Automatic cuts re-emerge as budget battle issue

Tuesday, October 15, 2013

photo Eighth-grade students from Highland Middle School in La Grange, Ill., visit the Capitol in Washington.

WASHINGTON - The broad, automatic spending cuts known as sequestration have re-emerged as a central issue in efforts to end the partial government shutdown and avert a federal default.

Many conservatives view the past seven months of lower spending levels as one of their rare accomplishments in dealing with President Barack Obama and want to continue them.

But GOP defense hawks complain that the next round of automatic cuts falls almost entirely on the Pentagon, and many Republicans want to shift that burden to domestic programs.

Obama and Democrats would do away with them altogether, substituting new taxes and maybe some spending cuts elsewhere in their place. Republicans are agreeable - Democrats much less so - to trimming future Social Security benefits or making wealthier retirees pay higher premiums for Medicare in place of the automatic cuts.

Sequestration deals mostly with the day-to-day operating budgets of federal agencies. The Veterans Administration is exempt, as are the biggest "mandatory" benefit programs like Social Security, food stamps and Medicaid. The president's health care program - "Obamacare" -also is exempt.

The impact of the automatic cuts that went into effect in March was not as harsh as many people feared. Some agencies were able to move money around to prevent or reduce furloughs.

For many Americans, however, the impacts have been real. Health research has slowed, thousands of Head Start slots have been eliminated and poor people have been left hanging on waiting lists for housing subsidy vouchers.

The future is uncertain but easing or eliminating a new round of automatic spending cuts in January is likely to be a focus of any budget talks once the government reopens fully. Giving agencies more flexibility to adjust to reduced funding levels also is being discussed.

A brief primer on the automatic spending cuts and what might happen next:

• Sequestration was established by the 2011 Budget Control Act to reduce government spending by $1.2 trillion over 10 years. The cuts were to be divided between defense and domestic programs and achieved through caps on the money Congress can appropriate each year.

• For fiscal 2013 ending Sept. 30, sequestration lowered Congress' spending cap from $1.043 trillion to $988 billion. Of the $55 billion in spending cuts, $22 billion was from a 4.5 percent cut in domestic programs and $33 billion was from a 6 percent cut in military spending. That reduced the Pentagon's budget this past year from $552 billion to $519 billion. In addition, benefit programs were cut $17 billion. Of that, $11 billion was from fee reductions for Medicare providers like doctors and hospitals. The other $6 billion was spread among smaller programs like farm subsidies. Altogether the sequester produced total budget savings of $72 billion in 2013.

• For fiscal 2014, the sequester lowers the cap on what Congress can spend to $967 billion. Virtually all of the additional savings would come from new and deeper cuts to the military. The Pentagon's budget would drop from $519 billion to $498 billion.

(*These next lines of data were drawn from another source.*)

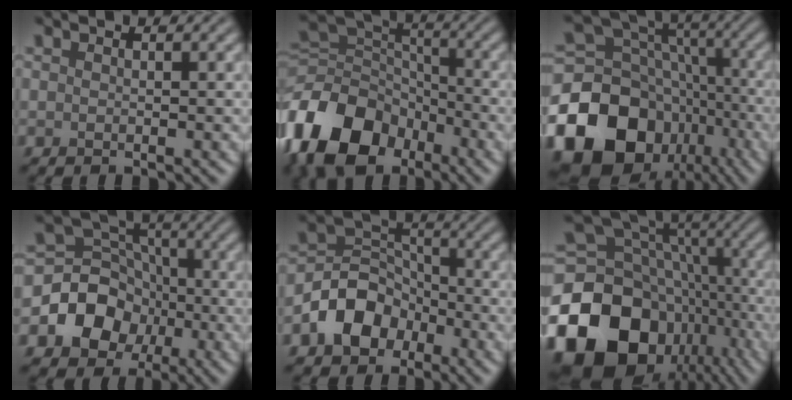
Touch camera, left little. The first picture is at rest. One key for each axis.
{"total": 12.4, "fx": -6.7, "fy": 8.1, "fz": 6.5, "tx": -0.157, "ty": -0.015, "tz": -0.132}
{"total": 18.9, "fx": -8.5, "fy": 14.4, "fz": 8.8, "tx": -0.191, "ty": -0.019, "tz": -0.138}
{"total": 8.2, "fx": -2.5, "fy": 7.1, "fz": 3.3, "tx": -0.041, "ty": 0.011, "tz": -0.077}
{"total": 5.9, "fx": -3.0, "fy": 4.4, "fz": 2.6, "tx": -0.035, "ty": 0.006, "tz": -0.063}
{"total": 20.0, "fx": -7.7, "fy": 15.4, "fz": 10.3, "tx": -0.216, "ty": -0.013, "tz": -0.113}
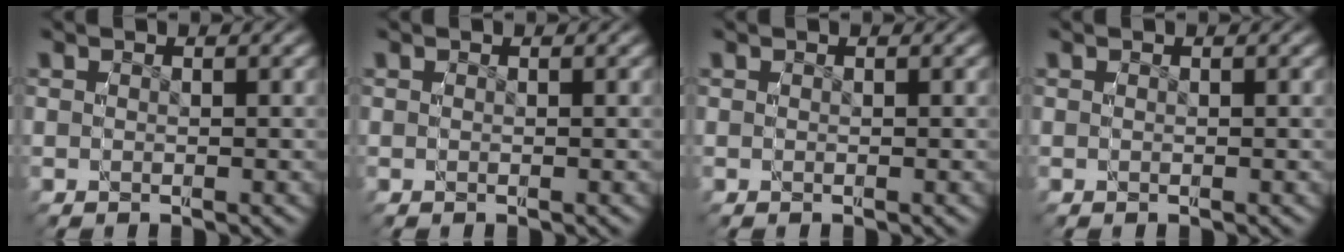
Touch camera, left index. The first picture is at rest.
{"total": 0.0}
{"total": 0.0}
{"total": 0.0}
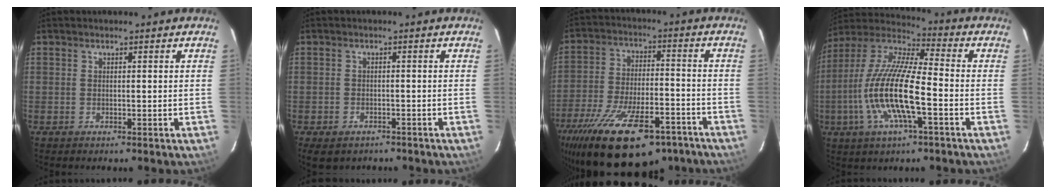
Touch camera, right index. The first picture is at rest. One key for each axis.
{"total": 5.2, "fx": -3.7, "fy": 3.0, "fz": 2.2, "tx": -0.052, "ty": -0.013, "tz": -0.052}
{"total": 25.9, "fx": -17.6, "fy": 10.0, "fz": 16.1, "tx": -0.303, "ty": -0.038, "tz": -0.263}
{"total": 17.0, "fx": -4.7, "fy": 3.8, "fz": 15.9, "tx": -0.320, "ty": -0.008, "tz": -0.099}
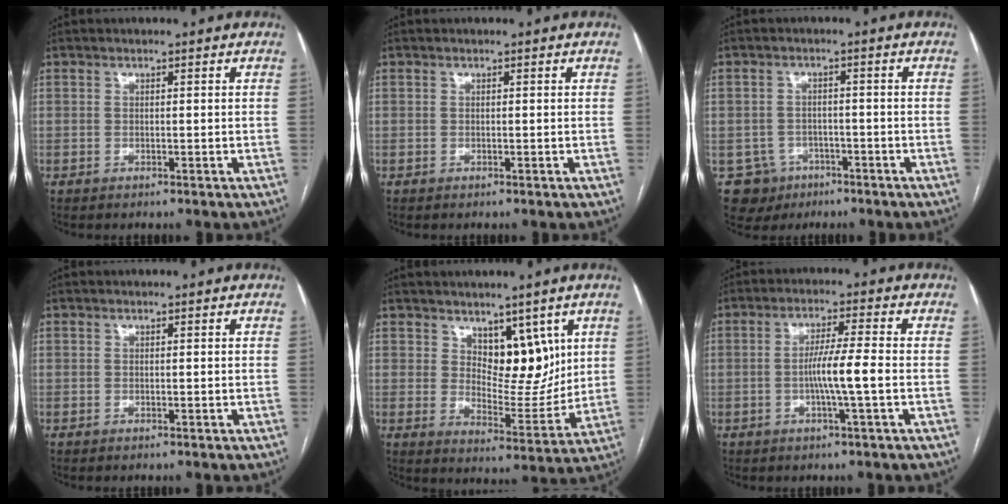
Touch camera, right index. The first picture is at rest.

• The debate: House Republicans want to maintain the $967 billion cap for fiscal 2014 but shift all the sequester cuts from the Pentagon to domestic programs. Democrats want to do away with the sequester entirely and set the spending cap at $1.06 trillion.

Congressional leaders tentatively have agreed to extend the 2013 cap of $988 billion for three months while they attempt to negotiate a broader deal for easing or replacing the automatic spending cuts.